Stored dataset items:
***

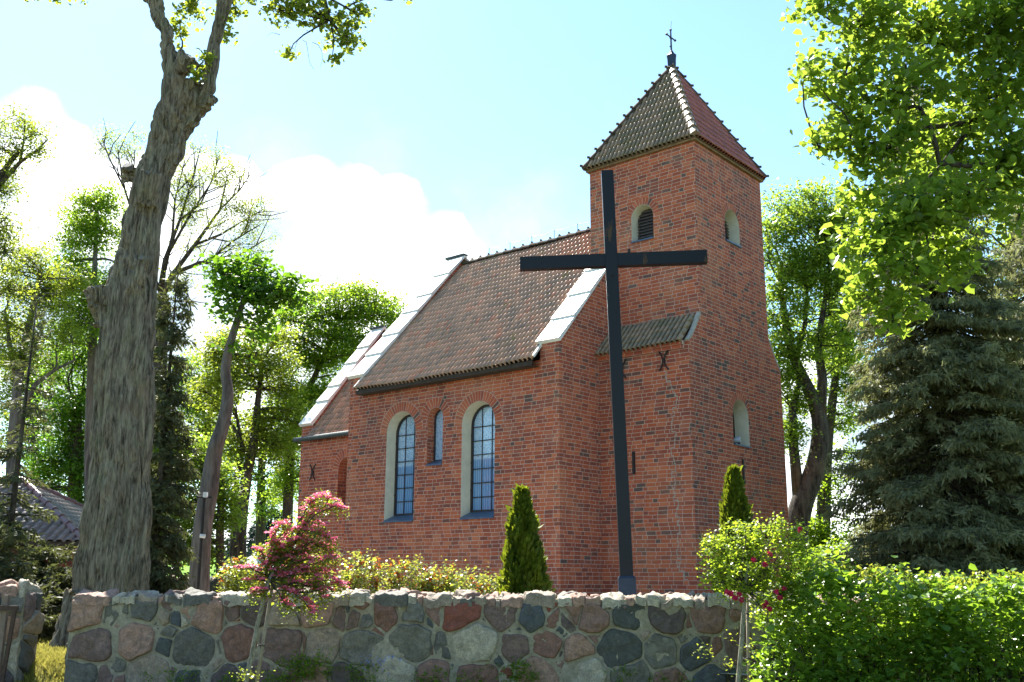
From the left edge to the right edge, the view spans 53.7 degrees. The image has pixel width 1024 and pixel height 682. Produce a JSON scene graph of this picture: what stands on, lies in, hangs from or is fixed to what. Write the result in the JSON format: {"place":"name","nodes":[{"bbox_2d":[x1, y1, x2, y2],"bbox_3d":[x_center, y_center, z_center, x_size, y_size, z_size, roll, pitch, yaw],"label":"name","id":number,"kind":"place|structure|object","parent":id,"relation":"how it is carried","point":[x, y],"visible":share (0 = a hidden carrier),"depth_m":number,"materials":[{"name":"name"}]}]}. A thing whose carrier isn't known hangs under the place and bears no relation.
{"place":"outdoors","nodes":[
{"label":"outdoors","id":0,"kind":"place"},
{"bbox_2d":[14,635,66,681],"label":"grass","id":1,"kind":"structure","parent":0,"point":[47,655],"depth_m":15.25,"materials":[{"name":"plant"}]},
{"bbox_2d":[0,0,1023,549],"label":"sky","id":2,"kind":"structure","parent":0,"point":[459,126],"materials":[{"name":"blue"}]},
{"bbox_2d":[16,557,1023,681],"bbox_3d":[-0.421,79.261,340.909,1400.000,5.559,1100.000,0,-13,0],"label":"ground","id":3,"kind":"structure","parent":0,"point":[186,569],"depth_m":15.08,"materials":[{"name":"green plant"}]},
{"bbox_2d":[0,595,18,681],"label":"gate","id":4,"kind":"structure","parent":3,"relation":"on","point":[5,608],"depth_m":14.58,"materials":[{"name":"wood"}]},
{"bbox_2d":[0,579,44,681],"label":"gate pillar","id":5,"kind":"structure","parent":3,"relation":"on","point":[26,596],"depth_m":14.99,"materials":[{"name":"stone"}]},
{"bbox_2d":[0,293,62,560],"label":"juniper tree","id":6,"kind":"object","parent":3,"relation":"on","point":[17,451],"visible":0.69,"depth_m":23.05,"materials":[{"name":"green plant"}]},
{"bbox_2d":[0,519,62,638],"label":"juniper shrub","id":7,"kind":"object","parent":3,"relation":"on","point":[8,539],"visible":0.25,"depth_m":20.18,"materials":[{"name":"green plant"}]},
{"bbox_2d":[0,99,68,315],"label":"deciduous tree","id":8,"kind":"object","parent":3,"relation":"on","point":[7,170],"visible":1,"depth_m":35.02,"materials":[{"name":"green plant"}]},
{"bbox_2d":[3,539,77,633],"bbox_3d":[-10.166,5.481,21.806,4.459,2.501,4.138,13,-18,-43],"label":"juniper shrub","id":9,"kind":"object","parent":3,"relation":"on","point":[41,554],"visible":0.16,"depth_m":21.56,"materials":[{"name":"green plant"}]},
{"bbox_2d":[0,476,82,568],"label":"house","id":10,"kind":"structure","parent":3,"relation":"on","point":[63,530],"depth_m":35.26,"materials":[{"name":"grey tile"}]},
{"bbox_2d":[0,313,85,478],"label":"deciduous tree","id":11,"kind":"object","parent":3,"relation":"on","point":[6,389],"visible":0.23,"depth_m":60.42,"materials":[{"name":"green plant"}]},
{"bbox_2d":[0,233,97,484],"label":"deciduous tree","id":12,"kind":"object","parent":3,"relation":"on","point":[50,289],"visible":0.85,"depth_m":38.96,"materials":[{"name":"green plant"}]},
{"bbox_2d":[21,331,98,503],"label":"deciduous tree","id":13,"kind":"object","parent":3,"relation":"on","point":[68,455],"visible":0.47,"depth_m":45.70,"materials":[{"name":"green plant"}]},
{"bbox_2d":[28,177,159,494],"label":"deciduous tree","id":14,"kind":"object","parent":3,"relation":"on","point":[88,227],"visible":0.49,"depth_m":43.65,"materials":[{"name":"green plant"}]},
{"bbox_2d":[149,264,202,593],"bbox_3d":[-8.676,2.839,24.986,2.300,9.884,2.291,0,-13,0],"label":"juniper tree","id":15,"kind":"object","parent":3,"relation":"on","point":[168,491],"visible":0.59,"depth_m":24.96,"materials":[{"name":"green plant"}]},
{"bbox_2d":[78,118,288,567],"bbox_3d":[-12.562,0.530,36.917,8.178,18.744,3.018,0,-13,0],"label":"pollarded tree","id":16,"kind":"object","parent":3,"relation":"on","point":[173,241],"visible":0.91,"depth_m":37.97,"materials":[{"name":"brown plant"}]},
{"bbox_2d":[196,492,211,589],"bbox_3d":[-8.438,5.939,27.292,0.414,3.689,0.213,0,-13,0],"label":"camera pole","id":17,"kind":"object","parent":3,"relation":"on","point":[202,535],"visible":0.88,"depth_m":27.44,"materials":[{"name":"metal"}]},
{"bbox_2d":[149,423,260,592],"bbox_3d":[-10.629,5.979,33.468,4.385,6.578,3.426,0,-13,0],"label":"deciduous tree","id":18,"kind":"object","parent":3,"relation":"on","point":[223,517],"visible":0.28,"depth_m":33.43,"materials":[{"name":"green plant"}]},
{"bbox_2d":[167,345,254,480],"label":"deciduous tree","id":19,"kind":"object","parent":3,"relation":"on","point":[191,409],"visible":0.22,"depth_m":52.10,"materials":[{"name":"green plant"}]},
{"bbox_2d":[24,0,412,647],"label":"linden tree","id":20,"kind":"object","parent":3,"relation":"on","point":[112,550],"visible":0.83,"depth_m":20.37,"materials":[{"name":"brown plant"}]},
{"bbox_2d":[210,520,230,576],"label":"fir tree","id":21,"kind":"object","parent":3,"relation":"on","point":[227,544],"visible":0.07,"depth_m":62.35,"materials":[{"name":"green plant"}]},
{"bbox_2d":[175,576,291,591],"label":"enclosure wall","id":22,"kind":"structure","parent":3,"relation":"on","point":[212,583],"depth_m":39.96,"materials":[{"name":"stone"}]},
{"bbox_2d":[214,546,270,591],"bbox_3d":[-4.393,4.254,16.424,1.091,1.829,1.114,0,-13,0],"label":"rose bush","id":23,"kind":"object","parent":3,"relation":"on","point":[228,583],"visible":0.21,"depth_m":16.40,"materials":[{"name":"green plant"}]},
{"bbox_2d":[173,309,317,590],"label":"deciduous tree","id":24,"kind":"object","parent":3,"relation":"on","point":[247,446],"visible":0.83,"depth_m":40.17,"materials":[{"name":"green plant"}]},
{"bbox_2d":[188,402,302,553],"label":"deciduous tree","id":25,"kind":"object","parent":3,"relation":"on","point":[261,508],"visible":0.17,"depth_m":56.94,"materials":[{"name":"green plant"}]},
{"bbox_2d":[247,499,255,557],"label":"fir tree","id":26,"kind":"object","parent":3,"relation":"on","point":[249,538],"visible":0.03,"depth_m":64.57,"materials":[{"name":"green plant"}]},
{"bbox_2d":[247,554,267,573],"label":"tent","id":27,"kind":"object","parent":3,"relation":"on","point":[255,562],"visible":0.01,"depth_m":56.02,"materials":[{"name":"white fabric"}]},
{"bbox_2d":[188,248,330,591],"bbox_3d":[-7.463,2.553,29.064,4.162,11.175,2.497,0,-13,0],"label":"maple tree","id":28,"kind":"object","parent":3,"relation":"on","point":[242,284],"visible":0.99,"depth_m":29.58,"materials":[{"name":"green plant"}]},
{"bbox_2d":[255,581,273,681],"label":"support stake","id":29,"kind":"object","parent":3,"relation":"on","point":[262,644],"visible":0.88,"depth_m":13.41,"materials":[{"name":"brown wood"}]},
{"bbox_2d":[247,484,281,574],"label":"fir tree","id":30,"kind":"object","parent":3,"relation":"on","point":[268,524],"visible":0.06,"depth_m":60.61,"materials":[{"name":"green plant"}]},
{"bbox_2d":[229,488,354,681],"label":"hawthorn tree","id":31,"kind":"object","parent":3,"relation":"on","point":[280,555],"visible":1,"depth_m":13.51,"materials":[{"name":"pink plant"}]},
{"bbox_2d":[297,565,343,591],"bbox_3d":[-3.346,4.407,16.747,1.130,1.691,1.227,4,-14,-16],"label":"rose bush","id":32,"kind":"object","parent":3,"relation":"on","point":[324,579],"depth_m":16.60,"materials":[{"name":"green plant"}]},
{"bbox_2d":[248,273,412,570],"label":"deciduous tree","id":33,"kind":"object","parent":3,"relation":"on","point":[346,339],"visible":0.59,"depth_m":44.50,"materials":[{"name":"green plant"}]},
{"bbox_2d":[332,548,387,594],"bbox_3d":[-2.509,4.327,16.656,1.052,1.815,1.137,0,-13,0],"label":"rose bush","id":34,"kind":"object","parent":3,"relation":"on","point":[355,578],"visible":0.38,"depth_m":16.60,"materials":[{"name":"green plant"}]},
{"bbox_2d":[380,553,441,592],"bbox_3d":[-1.691,4.359,16.595,1.148,1.729,1.030,0,-13,0],"label":"rose bush","id":35,"kind":"object","parent":3,"relation":"on","point":[392,576],"visible":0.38,"depth_m":16.61,"materials":[{"name":"green plant"}]},
{"bbox_2d":[140,646,695,681],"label":"weeds","id":36,"kind":"object","parent":3,"relation":"on","point":[306,673],"visible":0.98,"depth_m":14.28,"materials":[{"name":"green plant"}]},
{"bbox_2d":[346,650,401,675],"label":"flowers","id":37,"kind":"object","parent":36,"relation":"on","point":[392,656],"visible":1,"depth_m":14.34,"materials":[{"name":"blue plant"}]},
{"bbox_2d":[413,557,462,593],"bbox_3d":[-1.187,4.422,16.817,1.036,1.716,1.103,0,-13,0],"label":"rose bush","id":38,"kind":"object","parent":3,"relation":"on","point":[444,586],"visible":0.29,"depth_m":16.74,"materials":[{"name":"green plant"}]},
{"bbox_2d":[445,559,507,595],"bbox_3d":[-0.622,4.395,16.517,1.138,1.638,1.148,0,-13,0],"label":"rose bush","id":39,"kind":"object","parent":3,"relation":"on","point":[480,584],"visible":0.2,"depth_m":16.46,"materials":[{"name":"green plant"}]},
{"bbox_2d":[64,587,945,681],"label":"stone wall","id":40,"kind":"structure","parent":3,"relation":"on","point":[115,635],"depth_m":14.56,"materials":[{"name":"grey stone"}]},
{"bbox_2d":[496,483,556,594],"bbox_3d":[0.227,3.974,17.538,1.099,3.022,1.108,-7,-15,27],"label":"thuja","id":41,"kind":"object","parent":3,"relation":"on","point":[523,558],"visible":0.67,"depth_m":17.45,"materials":[{"name":"green plant"}]},
{"bbox_2d":[293,21,789,596],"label":"church","id":42,"kind":"structure","parent":3,"relation":"on","point":[461,395],"depth_m":23.95,"materials":[{"name":"red brick"}]},
{"bbox_2d":[380,401,422,522],"bbox_3d":[-2.689,3.014,25.369,1.580,3.023,0.391,-11,-17,39],"label":"nave window","id":43,"kind":"structure","parent":42,"relation":"in","point":[400,448],"depth_m":25.58,"materials":[{"name":"blue glass"}]},
{"bbox_2d":[421,397,449,465],"bbox_3d":[-1.799,2.216,24.726,1.020,1.675,0.310,-11,-17,39],"label":"small nave window","id":44,"kind":"structure","parent":42,"relation":"in","point":[440,408],"depth_m":24.86,"materials":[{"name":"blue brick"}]},
{"bbox_2d":[454,390,503,519],"bbox_3d":[-0.696,2.649,23.709,1.580,3.013,0.391,-11,-17,39],"label":"nave window","id":45,"kind":"structure","parent":42,"relation":"in","point":[478,421],"depth_m":23.91,"materials":[{"name":"blue glass"}]},
{"bbox_2d":[625,197,658,242],"bbox_3d":[3.211,-2.898,24.418,0.960,1.090,0.340,-11,-17,39],"label":"belfry window","id":46,"kind":"structure","parent":42,"relation":"in","point":[644,208],"depth_m":24.53,"materials":[{"name":"black paint"}]},
{"bbox_2d":[721,203,742,247],"bbox_3d":[5.236,-2.826,24.723,0.380,1.050,1.060,-11,-17,39],"label":"belfry window","id":47,"kind":"structure","parent":42,"relation":"in","point":[730,214],"depth_m":24.92,"materials":[{"name":"beige paint"}]},
{"bbox_2d":[734,436,740,443],"bbox_3d":[5.138,2.283,23.334,0.264,0.187,0.169,0,-13,0],"label":"floodlight","id":48,"kind":"object","parent":42,"relation":"on","point":[737,440],"visible":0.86,"depth_m":23.29,"materials":[{"name":"metal"}]},
{"bbox_2d":[729,393,751,447],"bbox_3d":[5.165,1.856,23.631,0.466,1.266,1.100,-11,-17,39],"label":"tower window","id":49,"kind":"structure","parent":42,"relation":"in","point":[738,405],"depth_m":23.83,"materials":[{"name":"beige paint"}]},
{"bbox_2d":[520,170,707,595],"bbox_3d":[1.785,1.081,17.427,3.315,8.527,0.287,0,-13,3],"label":"wooden cross","id":50,"kind":"object","parent":3,"relation":"on","point":[610,260],"visible":0.79,"depth_m":17.78,"materials":[{"name":"black paint"}]},
{"bbox_2d":[710,463,770,594],"bbox_3d":[4.044,3.913,18.157,1.161,3.464,1.067,0,-13,0],"label":"thuja","id":51,"kind":"object","parent":3,"relation":"on","point":[734,504],"visible":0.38,"depth_m":18.22,"materials":[{"name":"green plant"}]},
{"bbox_2d":[743,595,750,681],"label":"support stake","id":52,"kind":"object","parent":3,"relation":"on","point":[748,658],"visible":0.89,"depth_m":12.94,"materials":[{"name":"brown wood"}]},
{"bbox_2d":[692,511,817,681],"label":"rose standard","id":53,"kind":"object","parent":3,"relation":"on","point":[758,574],"visible":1,"depth_m":12.99,"materials":[{"name":"green plant"}]},
{"bbox_2d":[760,174,873,568],"bbox_3d":[10.437,1.555,34.482,5.515,15.831,3.633,0,-13,0],"label":"deciduous tree","id":54,"kind":"object","parent":3,"relation":"on","point":[804,270],"visible":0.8,"depth_m":34.69,"materials":[{"name":"green plant"}]},
{"bbox_2d":[791,532,863,595],"bbox_3d":[7.898,6.349,26.289,3.503,2.678,2.071,0,-13,0],"label":"shrub","id":55,"kind":"object","parent":3,"relation":"on","point":[842,542],"visible":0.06,"depth_m":26.18,"materials":[{"name":"green plant"}]},
{"bbox_2d":[791,292,884,596],"bbox_3d":[11.719,3.795,37.275,5.482,12.704,3.495,0,-13,0],"label":"deciduous tree","id":56,"kind":"object","parent":3,"relation":"on","point":[820,530],"visible":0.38,"depth_m":36.99,"materials":[{"name":"green plant"}]},
{"bbox_2d":[741,549,1023,681],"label":"hedge","id":57,"kind":"object","parent":3,"relation":"on","point":[945,622],"visible":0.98,"depth_m":12.84,"materials":[{"name":"green plant"}]},
{"bbox_2d":[779,0,1023,343],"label":"linden tree","id":58,"kind":"object","parent":3,"relation":"on","point":[898,223],"visible":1,"depth_m":11.59,"materials":[{"name":"green plant"}]},
{"bbox_2d":[821,86,1023,654],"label":"spruce tree","id":59,"kind":"object","parent":3,"relation":"on","point":[942,484],"visible":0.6,"depth_m":21.26,"materials":[{"name":"green plant"}]},
{"bbox_2d":[961,176,1023,362],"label":"deciduous tree","id":60,"kind":"object","parent":3,"relation":"on","point":[1001,243],"visible":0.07,"depth_m":48.22,"materials":[{"name":"green plant"}]},
{"bbox_2d":[984,177,1023,455],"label":"spruce tree","id":61,"kind":"object","parent":3,"relation":"on","point":[1017,261],"visible":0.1,"depth_m":25.93,"materials":[{"name":"green plant"}]},
{"bbox_2d":[721,649,1002,679],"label":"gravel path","id":62,"kind":"structure","parent":0,"point":[792,677],"depth_m":14.17,"materials":[{"name":"grey gravel"}]}
]}

***

Search the entries for the word "brick", then list each line that holds it.

**OUTPUT OF THE TASK:**
{"bbox_2d":[293,21,789,596],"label":"church","id":42,"kind":"structure","parent":3,"relation":"on","point":[461,395],"depth_m":23.95,"materials":[{"name":"red brick"}]},
{"bbox_2d":[421,397,449,465],"bbox_3d":[-1.799,2.216,24.726,1.020,1.675,0.310,-11,-17,39],"label":"small nave window","id":44,"kind":"structure","parent":42,"relation":"in","point":[440,408],"depth_m":24.86,"materials":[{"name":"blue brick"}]},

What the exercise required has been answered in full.